General characteristics
- Class & type: Schooner
- Type: keel yacht
- Displacement: 205 tonnage by custom-house measurement
- Length: 107 ft 0 in (32.61 m) on deck
- Beam: 23 ft 0 in (7.01 m)
- Draught: 9 ft 0 in (2.74 m)
- Depth: 10 ft 0 in (3.05 m)
- Propulsion: schooner sail
- Crew: 16 men
- Armament: one 24-pound Dahlgren gun

= Henrietta (ship) =

Schooner Yacht

Henrietta was a 19th-century wooden yacht schooner, designed and built in 1861 by Henry Steers for James Gordon Bennett Jr.

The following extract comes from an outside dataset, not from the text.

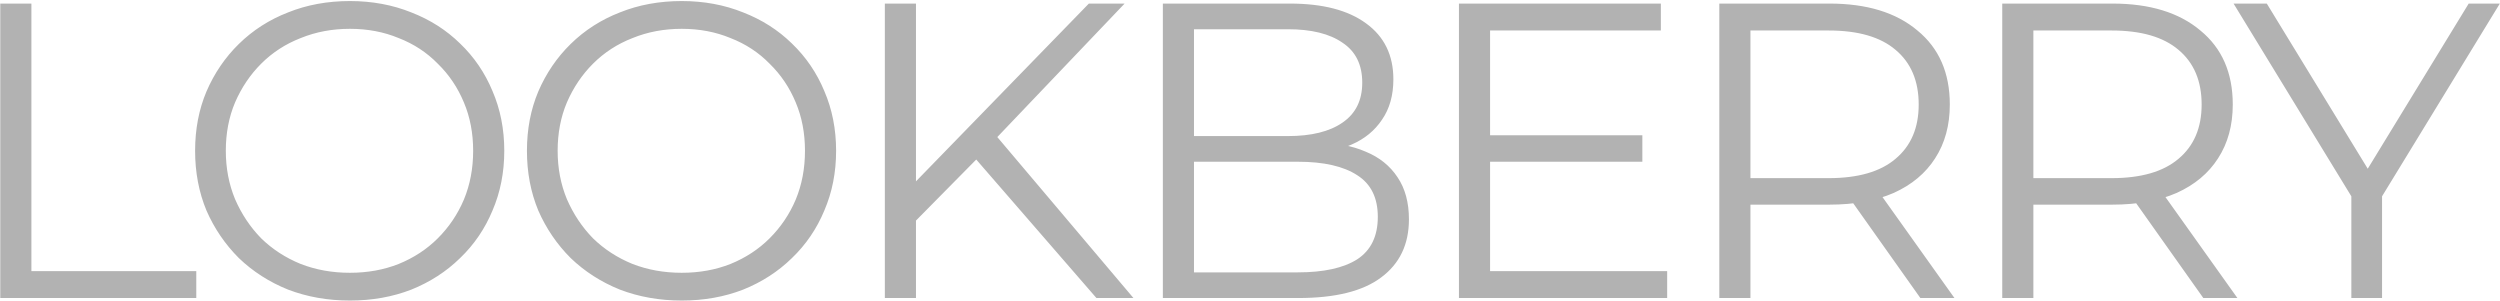 <svg width="1468" height="177" viewBox="0 0 1468 177" fill="none" xmlns="http://www.w3.org/2000/svg">
<path d="M0.158 175V2.1H18.436V159.192H115.26V175H0.158ZM205.463 176.482C192.455 176.482 180.352 174.341 169.154 170.06C158.122 165.614 148.489 159.439 140.255 151.535C132.187 143.466 125.847 134.163 121.236 123.624C116.79 112.921 114.567 101.229 114.567 88.55C114.567 75.871 116.79 64.262 121.236 53.723C125.847 43.02 132.187 33.716 140.255 25.812C148.489 17.743 158.122 11.568 169.154 7.287C180.187 2.841 192.29 0.618 205.463 0.618C218.472 0.618 230.493 2.841 241.525 7.287C252.558 11.568 262.109 17.661 270.177 25.565C278.411 33.469 284.75 42.773 289.196 53.476C293.807 64.179 296.112 75.871 296.112 88.55C296.112 101.229 293.807 112.921 289.196 123.624C284.75 134.327 278.411 143.631 270.177 151.535C262.109 159.439 252.558 165.614 241.525 170.06C230.493 174.341 218.472 176.482 205.463 176.482ZM205.463 160.18C215.837 160.18 225.388 158.451 234.115 154.993C243.007 151.37 250.664 146.348 257.086 139.926C263.673 133.339 268.778 125.765 272.4 117.202C276.023 108.475 277.834 98.924 277.834 88.55C277.834 78.176 276.023 68.708 272.4 60.145C268.778 51.418 263.673 43.843 257.086 37.421C250.664 30.834 243.007 25.812 234.115 22.354C225.388 18.731 215.837 16.92 205.463 16.92C195.089 16.92 185.456 18.731 176.564 22.354C167.672 25.812 159.933 30.834 153.346 37.421C146.924 43.843 141.82 51.418 138.032 60.145C134.41 68.708 132.598 78.176 132.598 88.55C132.598 98.759 134.41 108.228 138.032 116.955C141.82 125.682 146.924 133.339 153.346 139.926C159.933 146.348 167.672 151.37 176.564 154.993C185.456 158.451 195.089 160.18 205.463 160.18ZM400.313 176.482C387.305 176.482 375.202 174.341 364.004 170.06C352.972 165.614 343.339 159.439 335.105 151.535C327.037 143.466 320.697 134.163 316.086 123.624C311.64 112.921 309.417 101.229 309.417 88.55C309.417 75.871 311.64 64.262 316.086 53.723C320.697 43.02 327.037 33.716 335.105 25.812C343.339 17.743 352.972 11.568 364.004 7.287C375.037 2.841 387.14 0.618 400.313 0.618C413.322 0.618 425.343 2.841 436.375 7.287C447.408 11.568 456.959 17.661 465.027 25.565C473.261 33.469 479.6 42.773 484.046 53.476C488.657 64.179 490.962 75.871 490.962 88.55C490.962 101.229 488.657 112.921 484.046 123.624C479.6 134.327 473.261 143.631 465.027 151.535C456.959 159.439 447.408 165.614 436.375 170.06C425.343 174.341 413.322 176.482 400.313 176.482ZM400.313 160.18C410.687 160.18 420.238 158.451 428.965 154.993C437.857 151.37 445.514 146.348 451.936 139.926C458.523 133.339 463.628 125.765 467.25 117.202C470.873 108.475 472.684 98.924 472.684 88.55C472.684 78.176 470.873 68.708 467.25 60.145C463.628 51.418 458.523 43.843 451.936 37.421C445.514 30.834 437.857 25.812 428.965 22.354C420.238 18.731 410.687 16.92 400.313 16.92C389.939 16.92 380.306 18.731 371.414 22.354C362.522 25.812 354.783 30.834 348.196 37.421C341.774 43.843 336.67 51.418 332.882 60.145C329.26 68.708 327.448 78.176 327.448 88.55C327.448 98.759 329.26 108.228 332.882 116.955C336.67 125.682 341.774 133.339 348.196 139.926C354.783 146.348 362.522 151.37 371.414 154.993C380.306 158.451 389.939 160.18 400.313 160.18ZM535.39 132.022L534.649 109.792L639.377 2.1H660.372L584.049 82.128L573.675 93.243L535.39 132.022ZM519.582 175V2.1H537.86V175H519.582ZM643.823 175L569.229 89.044L581.579 75.706L665.559 175H643.823ZM682.833 175V2.1H757.427C776.693 2.1 791.596 5.97 802.134 13.709C812.838 21.448 818.189 32.399 818.189 46.56C818.189 55.946 815.966 63.85 811.52 70.272C807.239 76.694 801.311 81.552 793.736 84.845C786.326 88.138 778.175 89.785 769.283 89.785L773.482 83.857C784.515 83.857 793.983 85.586 801.887 89.044C809.956 92.337 816.213 97.36 820.659 104.111C825.105 110.698 827.328 118.931 827.328 128.811C827.328 143.466 821.894 154.828 811.026 162.897C800.323 170.966 784.103 175 762.367 175H682.833ZM701.111 159.933H762.12C777.27 159.933 788.879 157.381 796.947 152.276C805.016 147.007 809.05 138.691 809.05 127.329C809.05 116.132 805.016 107.981 796.947 102.876C788.879 97.607 777.27 94.972 762.12 94.972H699.135V79.905H756.192C770.024 79.905 780.728 77.27 788.302 72.001C796.042 66.732 799.911 58.91 799.911 48.536C799.911 37.997 796.042 30.176 788.302 25.071C780.728 19.802 770.024 17.167 756.192 17.167H701.111V159.933ZM856.698 175V2.1H975.258V17.908H874.976V159.192H978.963V175H856.698ZM873 94.972V79.411H964.39V94.972H873ZM1009.58 175V2.1H1074.29C1096.19 2.1 1113.4 7.369 1125.91 17.908C1138.59 28.282 1144.93 42.773 1144.93 61.38C1144.93 73.565 1142.05 84.104 1136.29 92.996C1130.69 101.723 1122.62 108.475 1112.08 113.25C1101.54 117.861 1088.95 120.166 1074.29 120.166H1019.7L1027.86 111.768V175H1009.58ZM1127.64 175L1083.18 112.262H1102.94L1147.65 175H1127.64ZM1027.86 113.25L1019.7 104.605H1073.8C1091.09 104.605 1104.18 100.818 1113.07 93.243C1122.13 85.668 1126.66 75.047 1126.66 61.38C1126.66 47.548 1122.13 36.845 1113.07 29.27C1104.18 21.695 1091.09 17.908 1073.8 17.908H1019.7L1027.86 9.263V113.25ZM1175.72 175V2.1H1240.44C1262.34 2.1 1279.55 7.369 1292.06 17.908C1304.74 28.282 1311.08 42.773 1311.08 61.38C1311.08 73.565 1308.2 84.104 1302.43 92.996C1296.84 101.723 1288.77 108.475 1278.23 113.25C1267.69 117.861 1255.09 120.166 1240.44 120.166H1185.85L1194 111.768V175H1175.72ZM1293.79 175L1249.33 112.262H1269.09L1313.8 175H1293.79ZM1194 113.25L1185.85 104.605H1239.94C1257.23 104.605 1270.32 100.818 1279.22 93.243C1288.27 85.668 1292.8 75.047 1292.8 61.38C1292.8 47.548 1288.27 36.845 1279.22 29.27C1270.32 21.695 1257.23 17.908 1239.94 17.908H1185.85L1194 9.263V113.25ZM1380.71 175V110.78L1384.91 122.142L1311.55 2.1H1331.06L1395.53 107.569H1385.15L1449.62 2.1H1467.9L1394.54 122.142L1398.74 110.78V175H1380.71Z" fill="#B2B2B2"/>
</svg>

She was acquired by the Union Navy during the American Civil War. She was placed into the U.S. Revenue Service assigned to support the fleet blockading the ports of the Confederate States of America. The Henrietta won the first mid-winter transatlantic yacht race across the Atlantic between three American yachts.

==Construction and service ==

Schooner Yacht Henrietta was launched from the shipyard of Henry Steers at Greenpoint, Brooklyn on May 18, 1861. She was designed and built by Henry Steers for James Gordon Bennett Jr. as a pleasure yacht. She was modelled by William Tooker as a keel yacht of 205 tons.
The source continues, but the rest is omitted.